Now, for comparison, here's the prepare stage using just a single /dev/sdb device:
[root@node1 ~]# mkdir /mnt/test
[root@node1 ~]# mount /dev/sdb /mnt/test
[root@node1 ~]# cd /mnt/test
[root@node1 test]# sysbench --test=fileio --file-total-size=500M --file-test-mode=rndrw prepare
WARNING: the --test option is deprecated. You can pass a script name or path on the command line without any options.
sysbench 1.0.17 (using system LuaJIT 2.0.4)
128 files, 4000Kb each, 500Mb total
Creating files for the test...
Extra file open flags: (none)
Creating file test_file.0
...
Creating file test_file.127
524288000 bytes written in 1.85 seconds (269.93 MiB/sec).
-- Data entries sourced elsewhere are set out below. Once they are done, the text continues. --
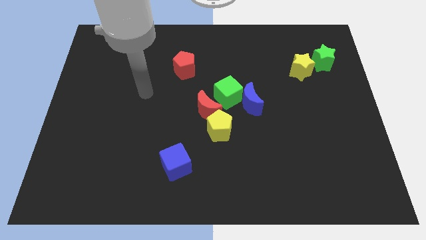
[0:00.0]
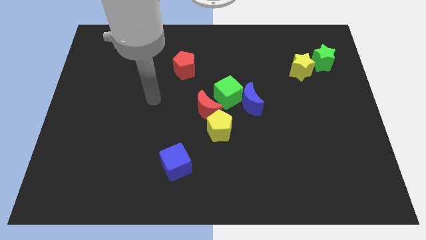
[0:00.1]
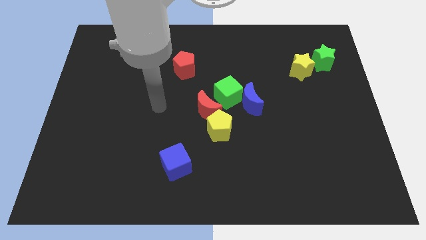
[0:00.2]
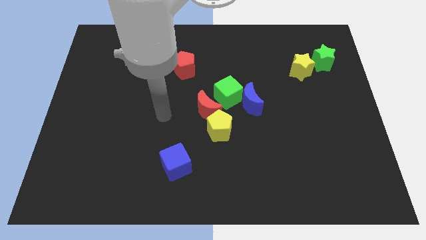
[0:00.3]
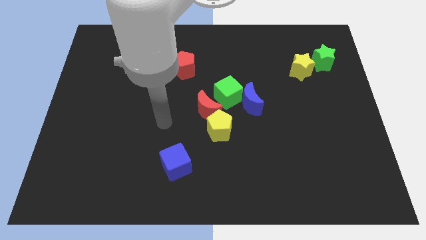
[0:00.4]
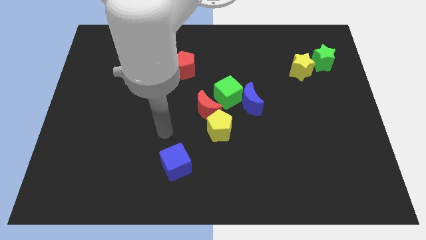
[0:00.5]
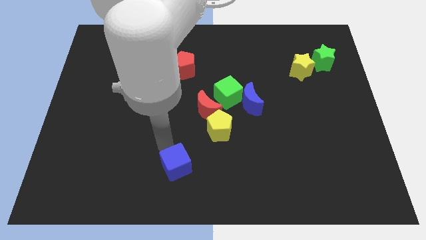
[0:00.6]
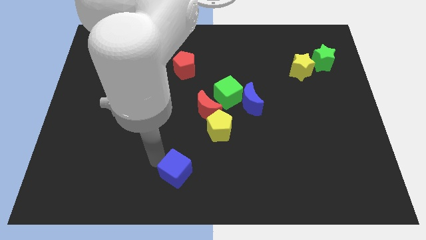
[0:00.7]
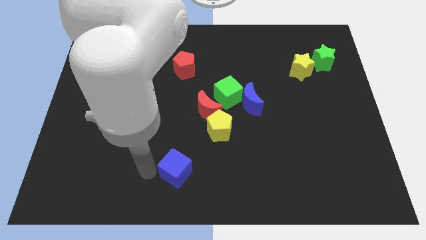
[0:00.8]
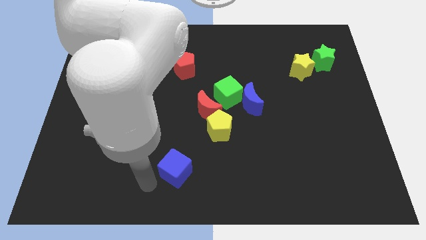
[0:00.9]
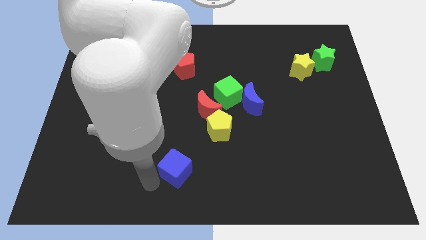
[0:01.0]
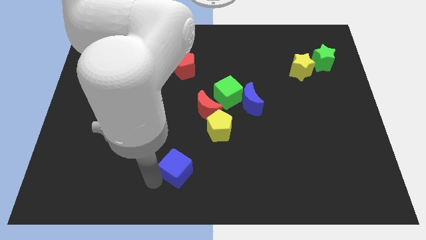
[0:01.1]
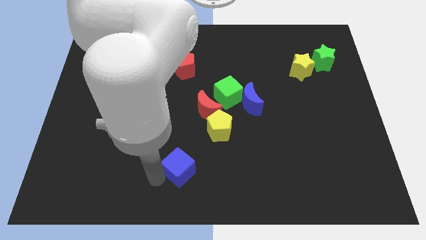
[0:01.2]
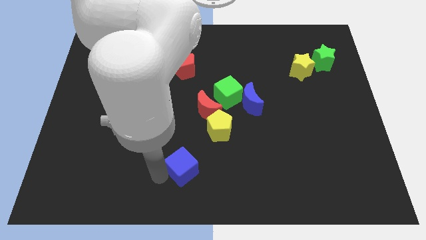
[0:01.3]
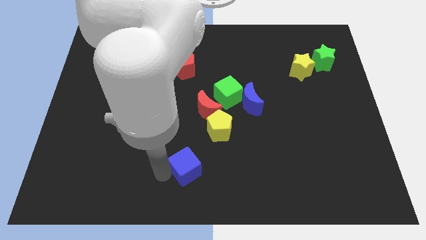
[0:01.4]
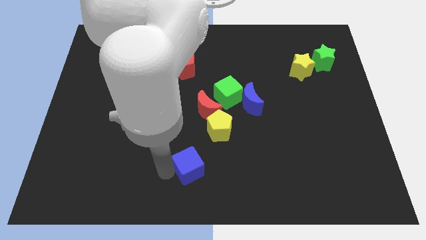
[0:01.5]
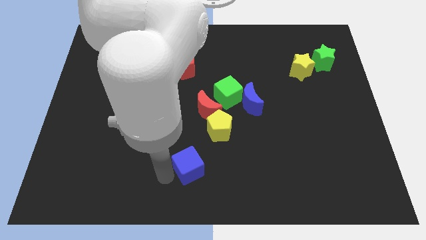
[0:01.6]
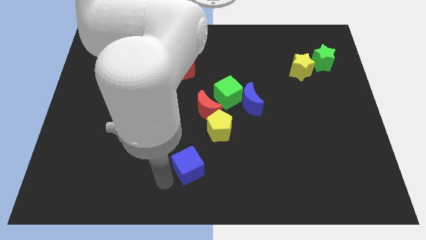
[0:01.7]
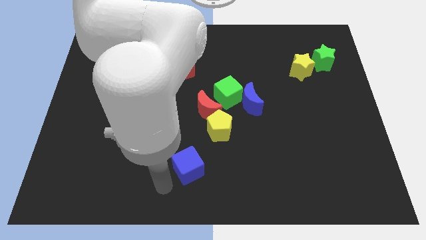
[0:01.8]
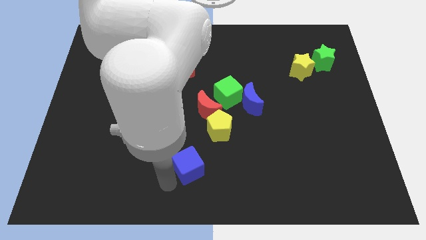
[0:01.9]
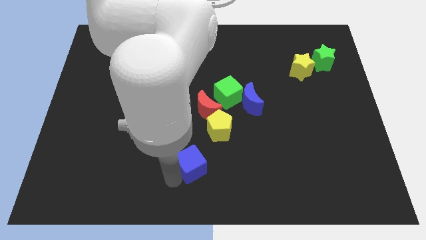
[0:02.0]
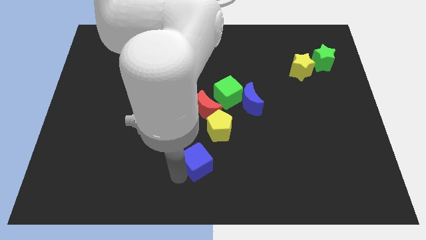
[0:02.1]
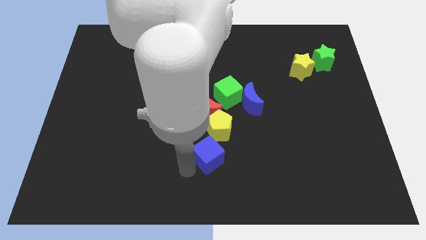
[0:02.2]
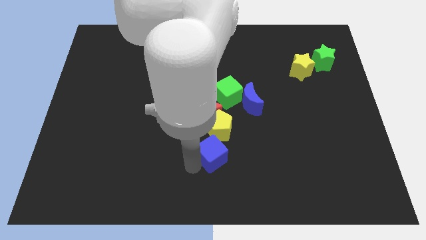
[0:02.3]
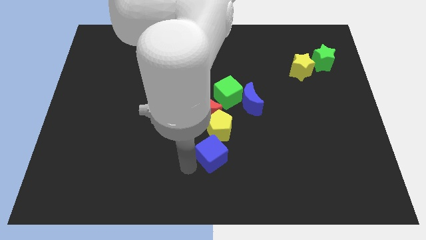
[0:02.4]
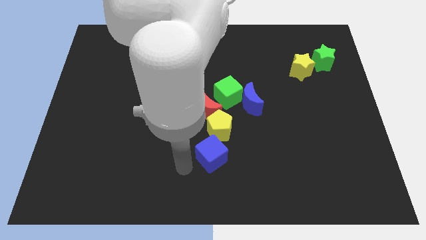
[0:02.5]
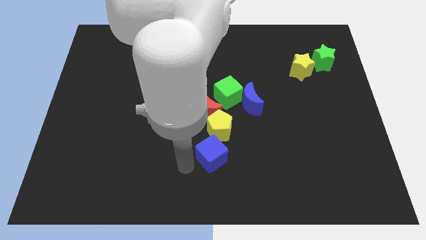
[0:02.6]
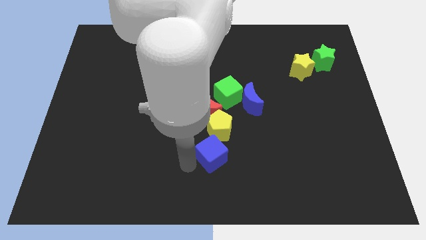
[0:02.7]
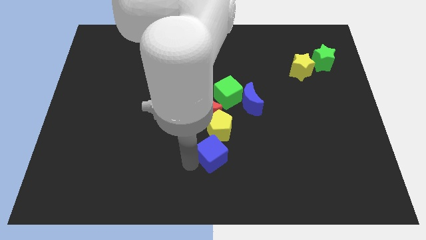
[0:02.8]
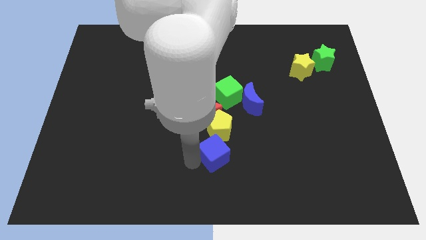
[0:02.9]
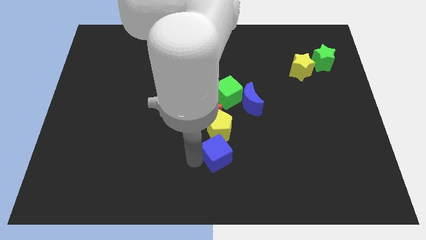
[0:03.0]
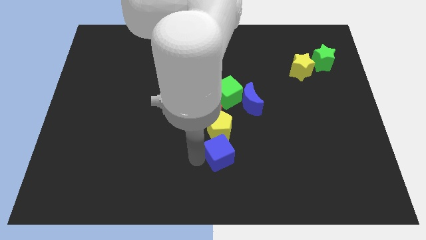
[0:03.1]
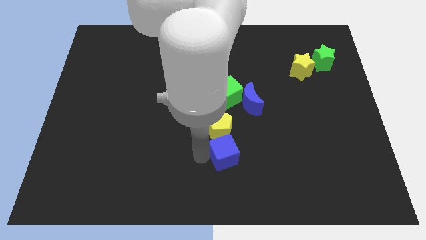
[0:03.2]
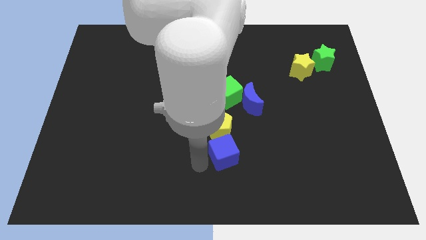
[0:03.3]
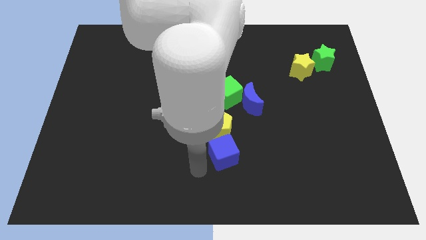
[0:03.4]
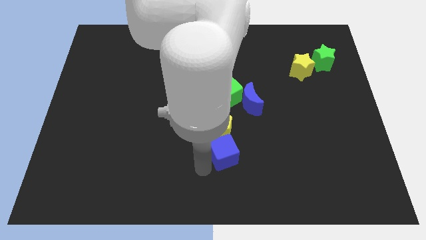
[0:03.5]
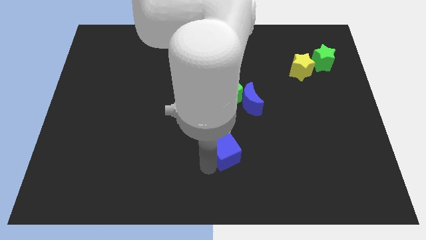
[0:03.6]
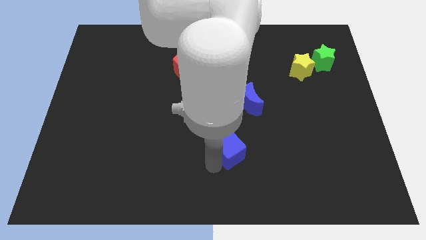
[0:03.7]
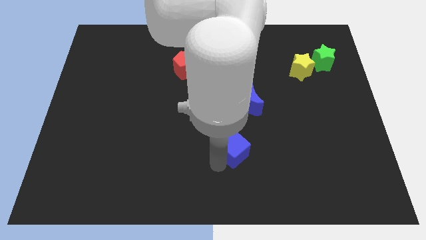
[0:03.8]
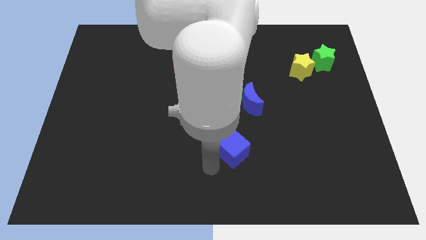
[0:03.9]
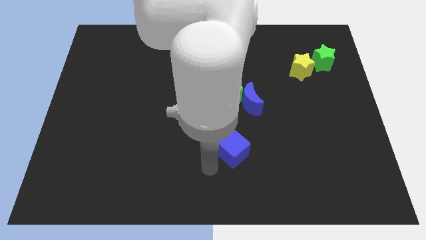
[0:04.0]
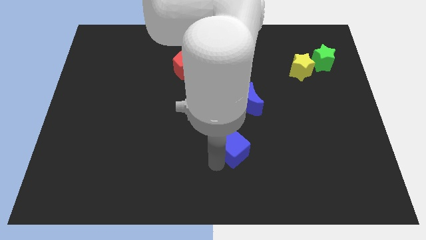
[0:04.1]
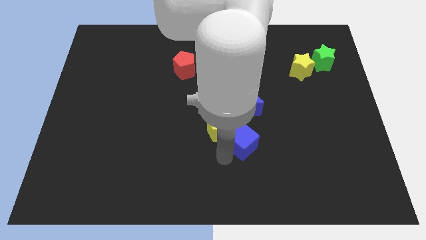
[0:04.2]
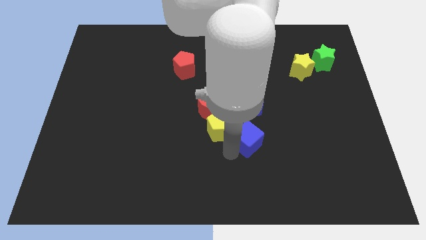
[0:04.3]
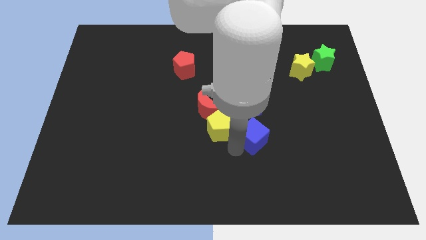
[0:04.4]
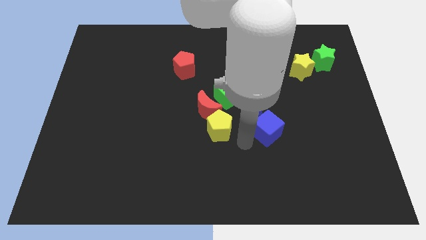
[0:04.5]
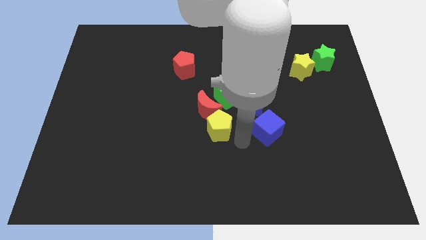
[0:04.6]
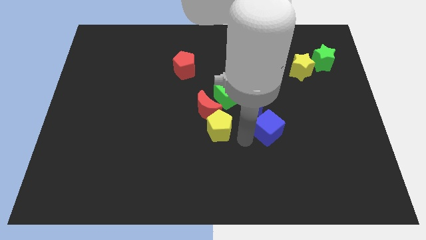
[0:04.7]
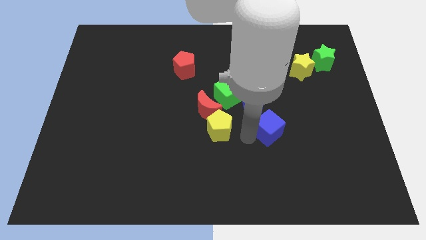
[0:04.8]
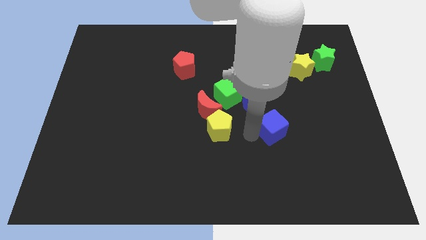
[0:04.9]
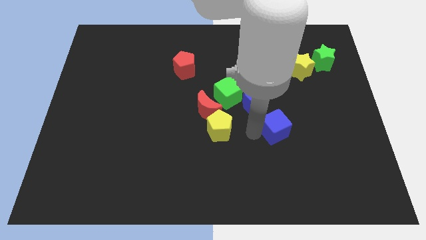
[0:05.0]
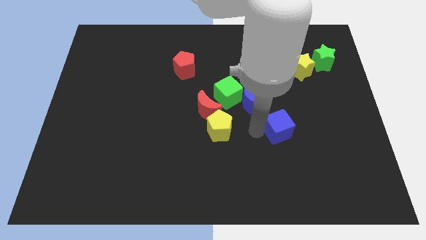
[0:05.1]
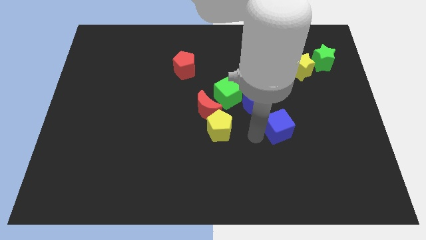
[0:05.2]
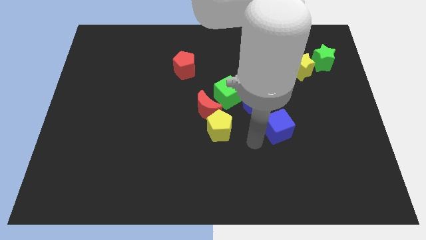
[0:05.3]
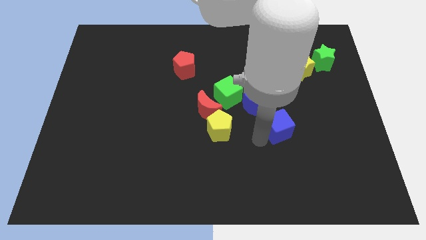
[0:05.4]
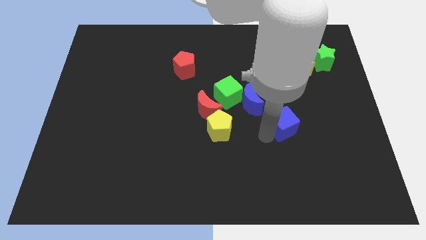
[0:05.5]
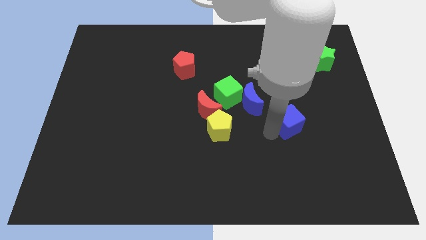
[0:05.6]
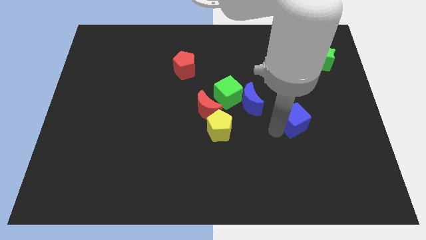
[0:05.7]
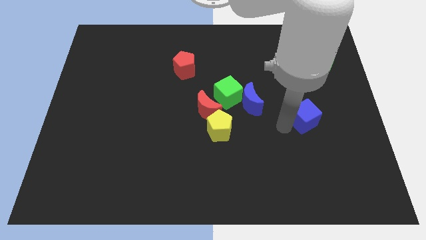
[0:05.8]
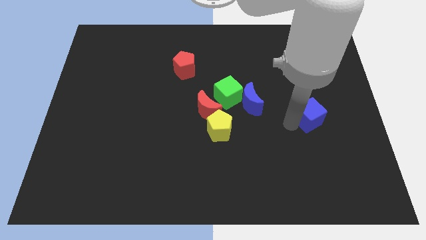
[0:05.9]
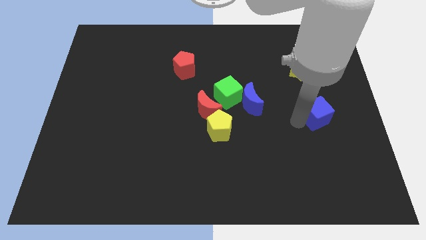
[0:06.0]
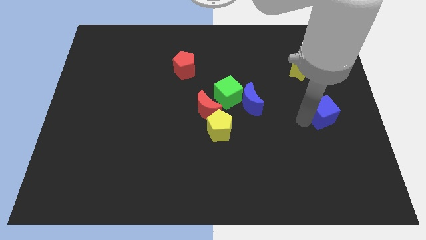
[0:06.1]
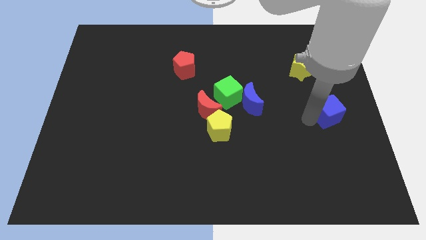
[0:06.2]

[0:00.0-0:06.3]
push the blue cube to the right side

Which tells us... not a whole lot, except maybe don't expect any sort of performance if you build a Ceph cluster on your laptop. It does demonstrate that there's non-trivial overhead, but that's exactly what we'd expect. All of the bookkeeping for a DFS is way more complicated than writing to a single, XFS file system.
And that pretty much concludes the messing around. As noted over and over (and over...) nothing I do on this here blog should be treated as production-worthy unless I explicitly say so; this is doubley-true in the case of these Ceph experiments. There's a tremendous amount of thought and tuning that goes into putting together a DFS suitable for production. Ceph has a lot of knobs to turn, can be made very smart about data placement and failure domains, and so on. That said, I am quite pleased with the experience I've documented here; the ceph-deploy tool in particular makes things very easy. Were I to need a DFS in production I expect that Ceph would easily make the top of the shortlist.